The stronger your falsifiability, the smaller the surface you need.

3) How costly is the wrong answer?

If a wrong answer puts you months off course, move one rung up. For example, a landing page can validate demand for a B2B workflow, but if the workflow is complex, a prototype might be necessary before committing to a pricing model.

4) How much operational overhead can you afford?

Landing pages are cheap to iterate and have almost zero operational cost. Prototypes are heavier to create but still low-maintenance. MVPs create data, support, and uptime expectations. The overhead itself can distort results if it slows your iteration cycle. (This is the core argument in “Validation landing pages shouldn’t be overhead”.)

When a validation landing page is the right move

Choose a landing page when your uncertainty is primarily positioning or target segment. It is also ideal if you are still testing different problem statements.

A landing page gives you:

  • A clean signal on messaging and objections.
  • A way to run founder-led outreach with a credible surface.
  • A repeatable asset you can reuse across tests.

If you need to decide between build paths or target customers, a landing page is the cheapest way to compare.

If you are unsure which tool to build it with, see the comparison in “Astro vs Framer/Webflow for MVP validation landing pages”.

When a clickable prototype is the right move

Prototypes are best when you need interaction evidence but not real data. They answer questions like:

  • “Will users find this feature without a walkthrough?”
  • “Does the order of steps make sense?”
  • “Does this pricing model feel fair when attached to a workflow?”

A prototype is also useful when your landing page converts well but calls reveal confusion about how the product actually works. If your problem is understood but the solution is unclear, move to a prototype before writing production code.

When a thin MVP is justified

Build a thin MVP when the central risk is behavioral. Examples:

  • A usage pattern must repeat weekly to be viable.
  • A workflow depends on real data from integrations.
  • Value only appears after the second or third session.

A thin MVP should still be very small, but it must be real. Fake buttons can mislead here. If you need to measure retention, you need a working product surface.

Three practical heuristics

The “minimum believable artifact” rule

Build the smallest thing that a skeptical user would consider real. For some markets, that is just a landing page. For others (e.g., compliance or finance), it might require a working flow.

The “conversation to usage ratio” rule

If you can get 10 high-quality conversations from a landing page within a week, keep it. If conversations stall because people need to see the product, move to a prototype.

The “time-to-evidence” rule

If a prototype buys you evidence in 2–3 days, use it. If it takes two weeks, it might be slower than running more landing page tests.

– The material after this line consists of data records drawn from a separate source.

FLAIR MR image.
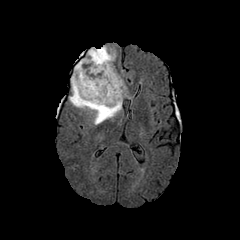
T1-weighted MR.
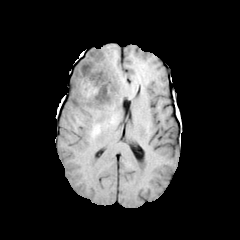
Post-contrast T1-weighted magnetic resonance.
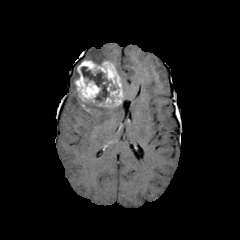
T2-weighted magnetic resonance.
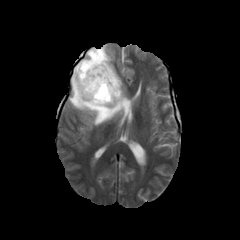
240x240 px.
<segmentation>
  <non-enhancing_tumor_core>81:67:108:101</non-enhancing_tumor_core>
  <edema>85:46:115:63, 69:76:122:125</edema>
  <enhancing_tumor>73:57:122:106</enhancing_tumor>
</segmentation>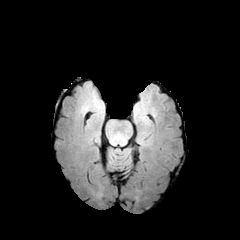
FLAIR MR image.
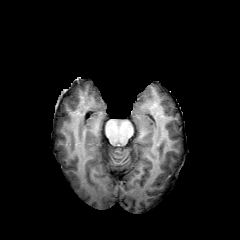
T1-weighted MR image of the same slice.
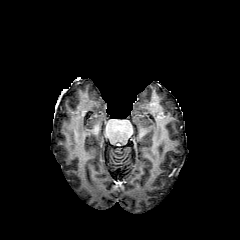
Post-contrast T1-weighted MR.
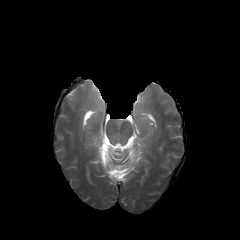
T2-weighted MRI of the same slice.
Findings:
- edema: 96:102:103:110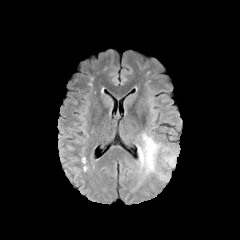
FLAIR magnetic resonance.
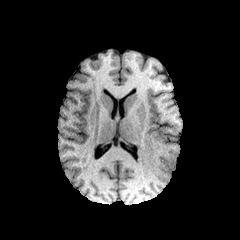
T1-weighted MRI.
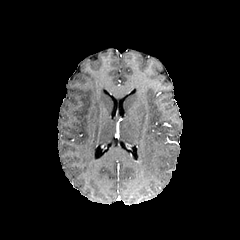
Same slice, post-contrast T1-weighted MRI.
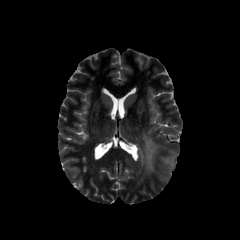
T2-weighted magnetic resonance.
<segmentation>
  <edema>{"x1": 167, "y1": 156, "x2": 175, "y2": 166}, {"x1": 160, "y1": 174, "x2": 170, "y2": 182}, {"x1": 136, "y1": 133, "x2": 158, "y2": 175}</edema>
</segmentation>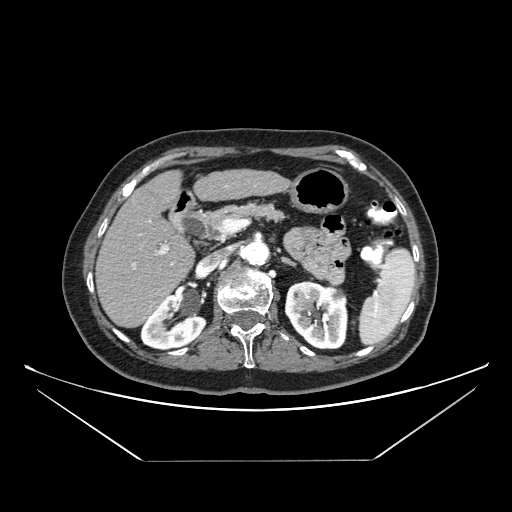 CT slice. Upper abdomen.

{"pancreas": ["(left=182, top=202, right=285, bottom=244)"]}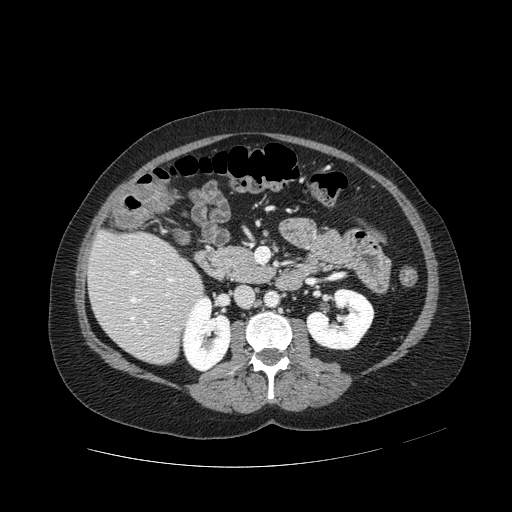
CT slice, Abdomen

The pancreas appears at (224, 247, 270, 283).
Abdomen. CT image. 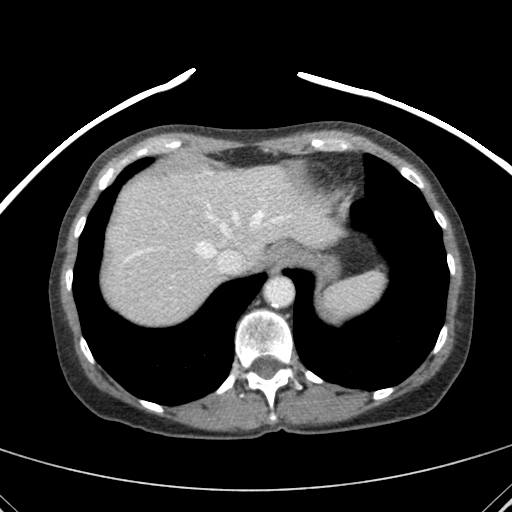
<segmentation>
  <liver>bbox=[104, 157, 332, 324]</liver>
</segmentation>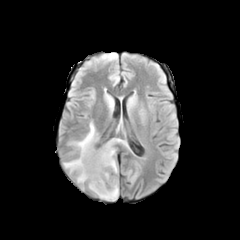
FLAIR MR.
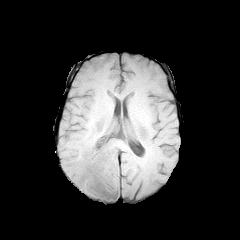
Same slice, T1-weighted magnetic resonance.
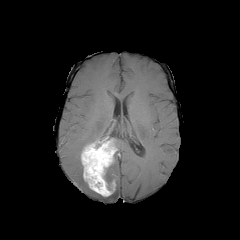
Post-contrast T1-weighted MR image.
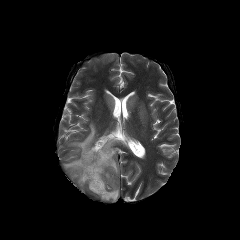
Same slice, T2-weighted MR image.
240x240; Head
non-enhancing_tumor_core:
  - box=[102, 162, 115, 189]
edema:
  - box=[114, 138, 127, 147]
  - box=[109, 158, 118, 174]
  - box=[97, 177, 118, 200]
  - box=[70, 122, 99, 153]
  - box=[63, 157, 87, 187]
enhancing_tumor:
  - box=[81, 138, 115, 196]

Example decisions in practice

  • B2B analytics tool: Start with a landing page to validate segment and pain. Move to a prototype once you see consistent inbound interest.
  • Consumer habit app: Landing page alone is weak. A prototype to test onboarding flow is more valuable before building.
  • Operations tool with integrations: Landing page for initial demand, then a thin MVP because the integration is the core risk.

The short version

Use a landing page to test messaging and intent, a prototype to test workflows, and an MVP to test real behavior. The mistake is not choosing one, it is choosing the wrong rung for the evidence you need next.